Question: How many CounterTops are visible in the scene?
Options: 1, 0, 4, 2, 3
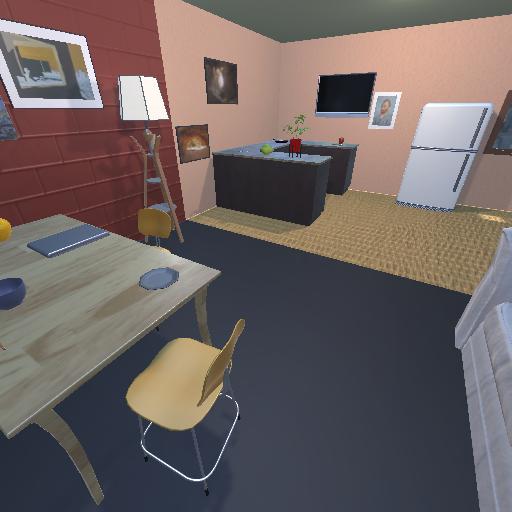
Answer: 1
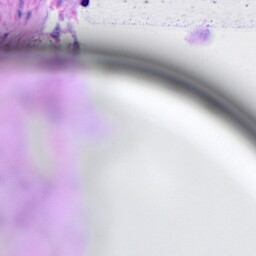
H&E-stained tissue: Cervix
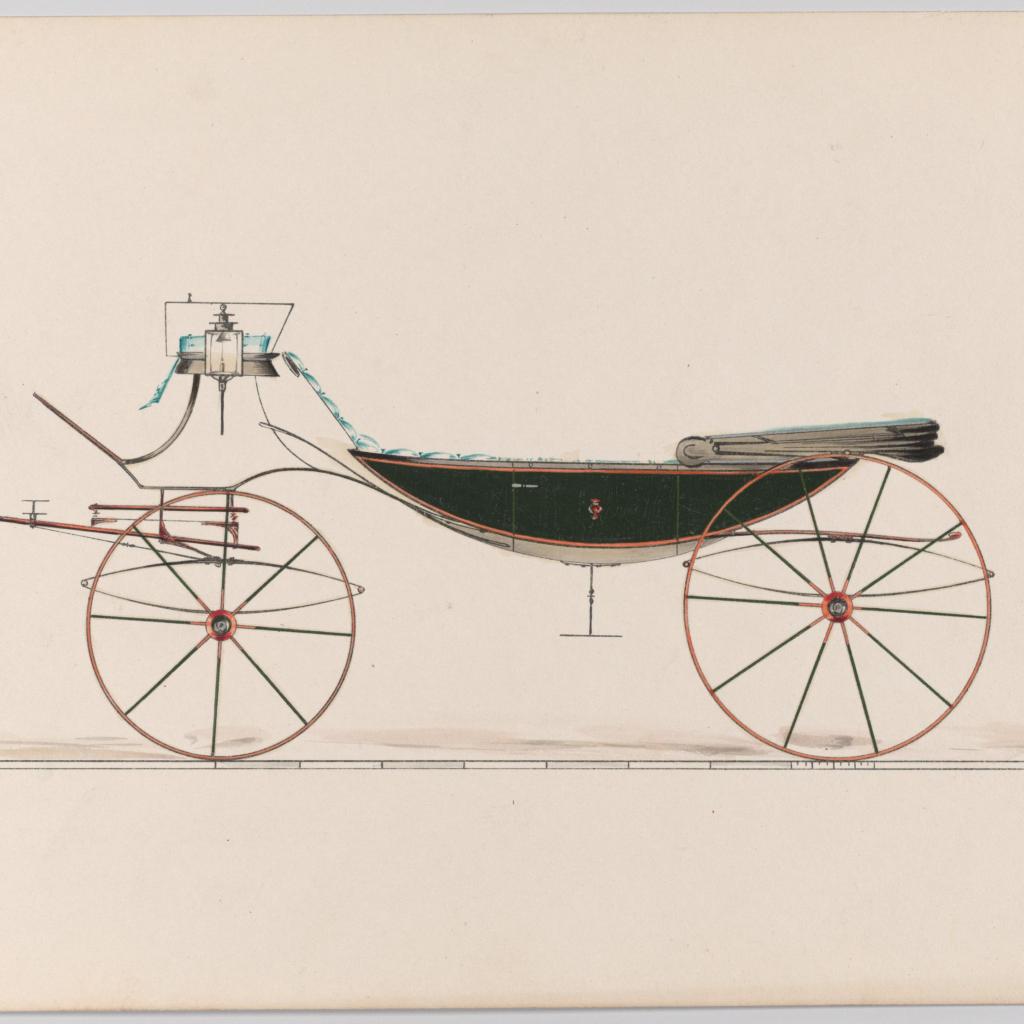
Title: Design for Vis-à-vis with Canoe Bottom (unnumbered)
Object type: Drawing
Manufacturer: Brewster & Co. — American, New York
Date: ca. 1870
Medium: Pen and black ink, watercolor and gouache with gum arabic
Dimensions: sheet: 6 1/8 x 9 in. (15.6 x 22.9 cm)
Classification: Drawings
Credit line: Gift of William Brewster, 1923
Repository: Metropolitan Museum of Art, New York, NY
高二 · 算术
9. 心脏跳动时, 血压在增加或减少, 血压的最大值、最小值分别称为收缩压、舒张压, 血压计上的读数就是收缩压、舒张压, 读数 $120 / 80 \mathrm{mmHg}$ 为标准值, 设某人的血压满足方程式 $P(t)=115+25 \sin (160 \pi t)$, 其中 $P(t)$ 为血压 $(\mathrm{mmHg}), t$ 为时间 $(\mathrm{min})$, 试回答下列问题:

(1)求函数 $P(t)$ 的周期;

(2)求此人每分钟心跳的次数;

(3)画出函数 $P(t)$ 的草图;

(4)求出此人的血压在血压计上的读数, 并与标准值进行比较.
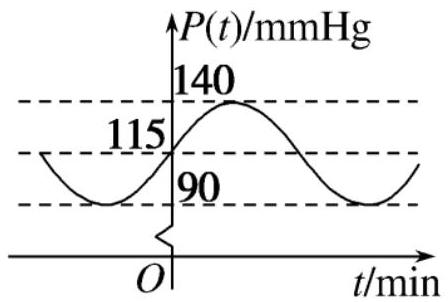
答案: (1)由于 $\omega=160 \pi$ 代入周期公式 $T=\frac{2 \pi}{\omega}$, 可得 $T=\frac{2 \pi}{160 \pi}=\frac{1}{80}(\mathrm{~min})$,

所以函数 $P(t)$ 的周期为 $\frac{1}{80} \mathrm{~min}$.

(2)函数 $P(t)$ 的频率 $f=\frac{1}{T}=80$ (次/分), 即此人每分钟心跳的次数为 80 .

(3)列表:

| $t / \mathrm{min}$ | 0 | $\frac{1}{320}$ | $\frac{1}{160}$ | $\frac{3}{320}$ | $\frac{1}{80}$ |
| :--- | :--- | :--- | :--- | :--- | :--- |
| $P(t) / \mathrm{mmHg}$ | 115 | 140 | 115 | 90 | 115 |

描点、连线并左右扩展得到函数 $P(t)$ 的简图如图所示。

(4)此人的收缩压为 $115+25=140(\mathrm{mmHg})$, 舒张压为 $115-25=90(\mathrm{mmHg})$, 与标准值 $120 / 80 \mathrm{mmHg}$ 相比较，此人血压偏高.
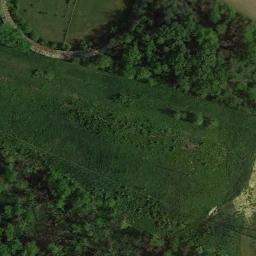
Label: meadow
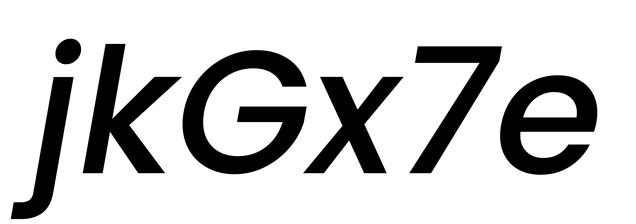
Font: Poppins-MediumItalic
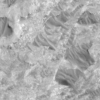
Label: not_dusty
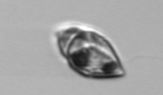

§

Directions for this task >>
Leaving the pictures aside, output each entry above exactly as written.

Output for this exercise >>
Question: How many CounterTops are visible in the scene?
Options: 1, 0, 4, 2, 3
Answer: 1
H&E-stained tissue: Cervix
Title: Design for Vis-à-vis with Canoe Bottom (unnumbered)
Object type: Drawing
Manufacturer: Brewster & Co. — American, New York
Date: ca. 1870
Medium: Pen and black ink, watercolor and gouache with gum arabic
Dimensions: sheet: 6 1/8 x 9 in. (15.6 x 22.9 cm)
Classification: Drawings
Credit line: Gift of William Brewster, 1923
Repository: Metropolitan Museum of Art, New York, NY
高二 · 算术
9. 心脏跳动时, 血压在增加或减少, 血压的最大值、最小值分别称为收缩压、舒张压, 血压计上的读数就是收缩压、舒张压, 读数 $120 / 80 \mathrm{mmHg}$ 为标准值, 设某人的血压满足方程式 $P(t)=115+25 \sin (160 \pi t)$, 其中 $P(t)$ 为血压 $(\mathrm{mmHg}), t$ 为时间 $(\mathrm{min})$, 试回答下列问题:

(1)求函数 $P(t)$ 的周期;

(2)求此人每分钟心跳的次数;

(3)画出函数 $P(t)$ 的草图;

(4)求出此人的血压在血压计上的读数, 并与标准值进行比较.
答案: (1)由于 $\omega=160 \pi$ 代入周期公式 $T=\frac{2 \pi}{\omega}$, 可得 $T=\frac{2 \pi}{160 \pi}=\frac{1}{80}(\mathrm{~min})$,

所以函数 $P(t)$ 的周期为 $\frac{1}{80} \mathrm{~min}$.

(2)函数 $P(t)$ 的频率 $f=\frac{1}{T}=80$ (次/分), 即此人每分钟心跳的次数为 80 .

(3)列表:

| $t / \mathrm{min}$ | 0 | $\frac{1}{320}$ | $\frac{1}{160}$ | $\frac{3}{320}$ | $\frac{1}{80}$ |
| :--- | :--- | :--- | :--- | :--- | :--- |
| $P(t) / \mathrm{mmHg}$ | 115 | 140 | 115 | 90 | 115 |

描点、连线并左右扩展得到函数 $P(t)$ 的简图如图所示。

(4)此人的收缩压为 $115+25=140(\mathrm{mmHg})$, 舒张压为 $115-25=90(\mathrm{mmHg})$, 与标准值 $120 / 80 \mathrm{mmHg}$ 相比较，此人血压偏高.
Label: meadow
Font: Poppins-MediumItalic
Label: not_dusty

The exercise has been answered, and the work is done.